La señora de Avecilla notó la
reacción que experimentaba su amante esposo, y quiso aprovecharla en bien de la
economía doméstica, asegurando que, en efecto, estaba perdido el arte, y
añadiendo:
-¿Vamos un rato hacia la feria?
-¿A qué feria, mamá, a estas horas?
Era el año en que el ayuntamiento
de Madrid procuró atraer a la capital toda la riqueza de España, haciendo en el
Prado una feria digna de Pozuelo de Alarcón.
Más arriba del Prado, entre el Dos
de Mayo y el Retiro, habían sentado sus reales una multitud de artistas errantes,
de esos que van de pueblo en pueblo y de gente en gente, enseñando monstruos de
la fauna terrestre a la asombrada humanidad.

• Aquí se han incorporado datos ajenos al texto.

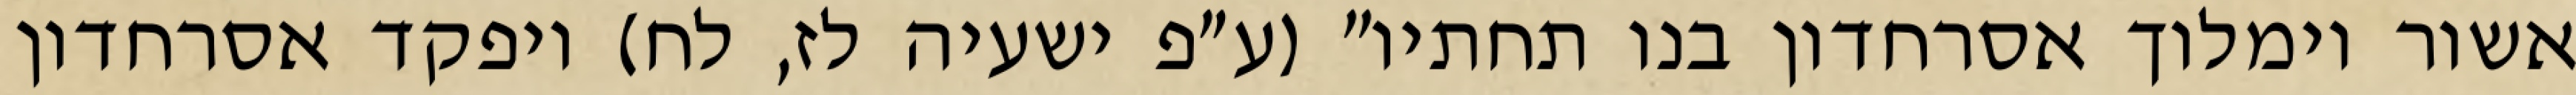
אשור וימלוך אסרחדון בנו תחתיו" (ע״פ ישעיה לז, לח) ויפקד אסרחדון

Una ciudad de barracas se había
plantado a las puertas del Retiro. Don Casto lo sabía, y aprobando el proyecto
de su esposa, dirigió sus pasos y los de su familia a la feria de maravillas
zoológicas.
-¿Pero qué, ya no se va al teatro?
-preguntó tímidamente Pepita.
-A la vuelta de la feria, veremos
una pieza en Variedades o en Eslava... todo es arte. Pero antes vamos a ver si
tu madre satisface esa curiosidad que siente ante lo fenomenal y supra... y
supra... En fin, vamos a ver la mujer
gorda.
El matrimonio, sin decirse nada, se
había puesto de acuerdo para gastar poco. Buscaban sofismas que les sugería el
espíritu del ahorro, para conciliar las altas aspiraciones estéticas de la familia Avecilla
con la parsimonia en los gastos extraordinarios, como pensaba don Casto.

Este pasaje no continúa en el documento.